Here's a magazine called Hydrate. It's 180 pages about water.
(Laughter)
Right. Articles about water, ads about water. Imagine what the world was like 40 years ago when it was just the Saturday Evening Post and Time and Newsweek. Now there are magazines about water. New products from Coke Japan -- water salad.
(Laughter)
OK. Coke Japan comes out with a new product every three weeks. Because they have no idea what's going to work and what's not. I couldn't have written this better myself. It came out four days ago -- I circled the important parts so you can see them here. They've came out ... Arby's is going to spend 85 million dollars promoting an oven mitt with the voice of Tom Arnold, hoping that that will get people to go to Arby's and buy a roast beef sandwich.
(Laughter)
Now, I had tried to imagine what could possibly be in an animated TV commercial featuring Tom Arnold, that would get you to get in your car, drive across town and buy a roast beef sandwich.
(Laughter)
Now, this is Copernicus, and he was right, when he was talking to anyone who needs to hear your idea. The world revolves around me. Me, me, me, me, me. My favorite person -- me. I don't want to get email from anybody, I want to get "memail."
(Laughter)
So consumers, and I don't just mean people who buy stuff at the Safeway, I mean people at the Defense Department who might buy something, or people at, you know, the New Yorker who might print your article. Consumers don't care about you at all, they just don't care. Part of the reason is -- they've got way more choices than they used to, and way less time. And in a world where we have too many choices and too little time, the obvious thing to do is just ignore stuff. And my parable here is you're driving down the road and you see a cow, and you keep driving because you've seen cows before. Cows are invisible. Cows are boring. Who's going to stop and pull over and say -- oh, look, a cow.
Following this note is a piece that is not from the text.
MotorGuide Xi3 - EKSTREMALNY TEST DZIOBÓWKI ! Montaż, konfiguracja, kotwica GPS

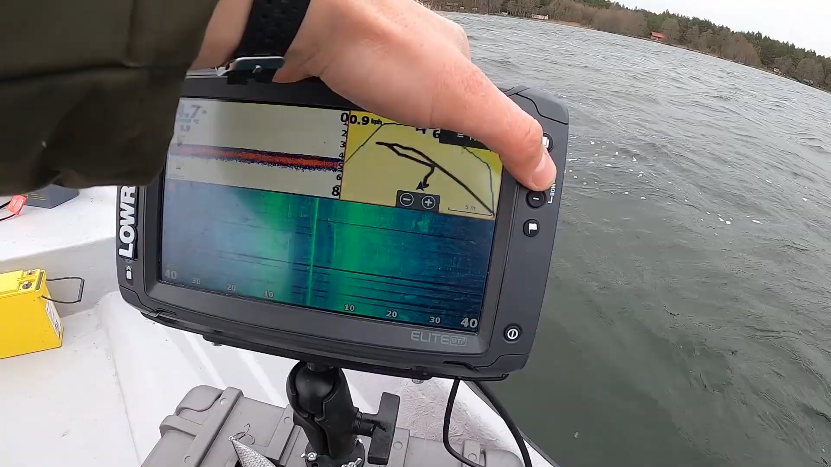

Nobody.
(Laughter)
But if the cow was purple -- isn't that a great special effect? I could do that again if you want it. If the cow was purple, you'd notice it for a while. I mean, if all cows were purple you'd get bored with those, too. The thing that's going to decide what gets talked about, what gets done, what gets changed, what gets purchased, what gets built, is -- is it remarkable? And remarkable's a really cool word because we think it just means neat, but it also means -- worth making a remark about. And that is the essence of where idea diffusion is going. That two of the hottest cars in the United States is a 55,000 dollar giant car, big enough to hold a mini in its trunk. People are paying full price for both, and the only thing they have in common is that they don't have anything in common.
(Laughter)
Every week the number one best selling DVD in America changes. It's never "The Godfather," it's never "Citizen Kane," It's always some third rate movie with some second rate star. But the reason it's number one is because that's the week it came out. Because it's new, because it's fresh. Because people saw it and said -- I didn't know that was there -- and they noticed it. Two of the big success stories of the last 20 years in retail -- one sells things that are super-expensive in a blue box, and one sells things that are as cheap as they can make them. The only thing they have in common is that they're different.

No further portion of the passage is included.